_Exercise requirements_
Using the entries below, copy exactly each line from the line with "Transcribe the Devanagari" up to and including the line with "Antwoord: Uitspraak", with every picture left out.

_Data supplied_
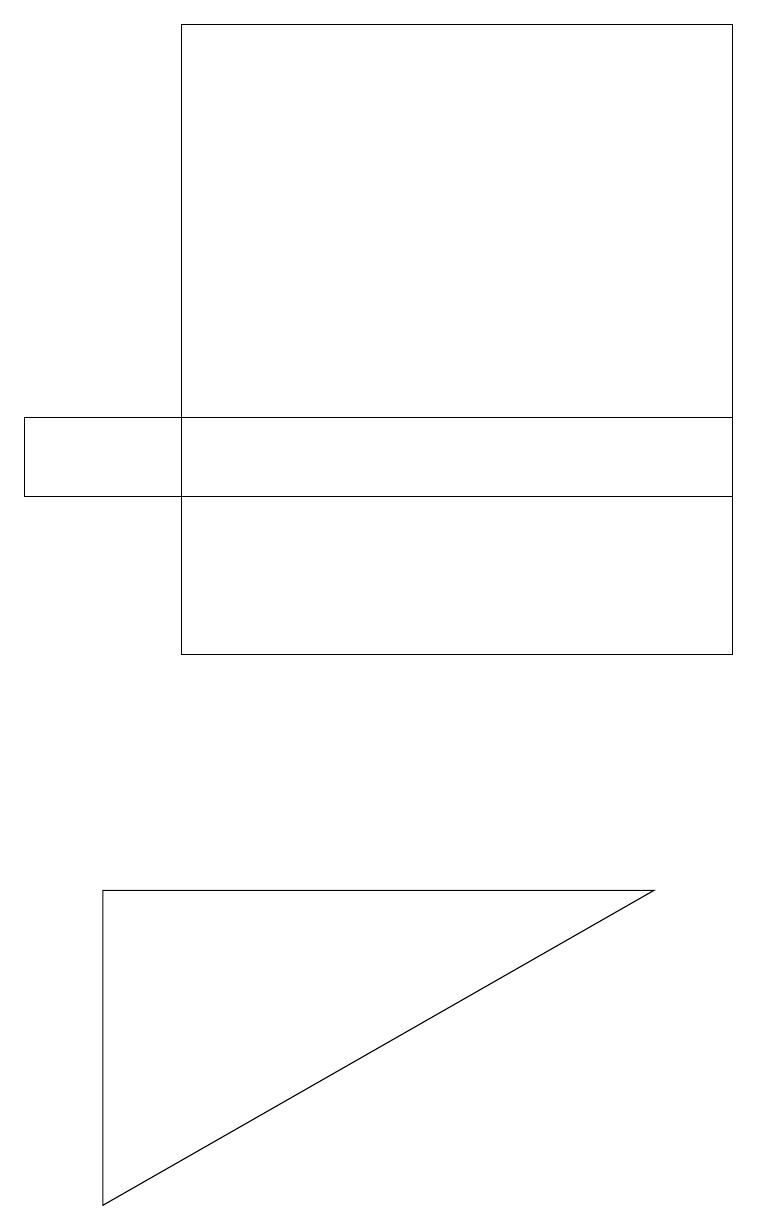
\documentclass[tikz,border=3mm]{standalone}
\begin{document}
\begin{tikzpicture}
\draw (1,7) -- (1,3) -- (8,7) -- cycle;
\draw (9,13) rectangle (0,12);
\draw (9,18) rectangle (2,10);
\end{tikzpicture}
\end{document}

--

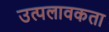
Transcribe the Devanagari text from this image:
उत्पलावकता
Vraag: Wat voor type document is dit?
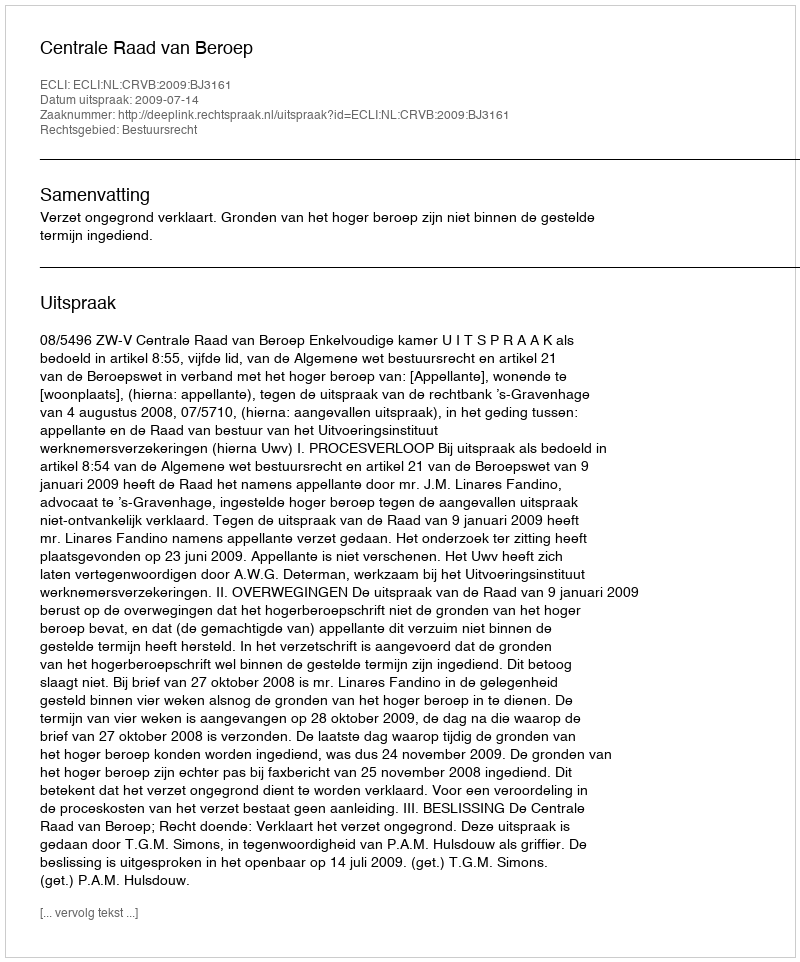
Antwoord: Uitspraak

_Result for this exercise_
Transcribe the Devanagari text from this image:
उत्पलावकता
Vraag: Wat voor type document is dit?
Antwoord: Uitspraak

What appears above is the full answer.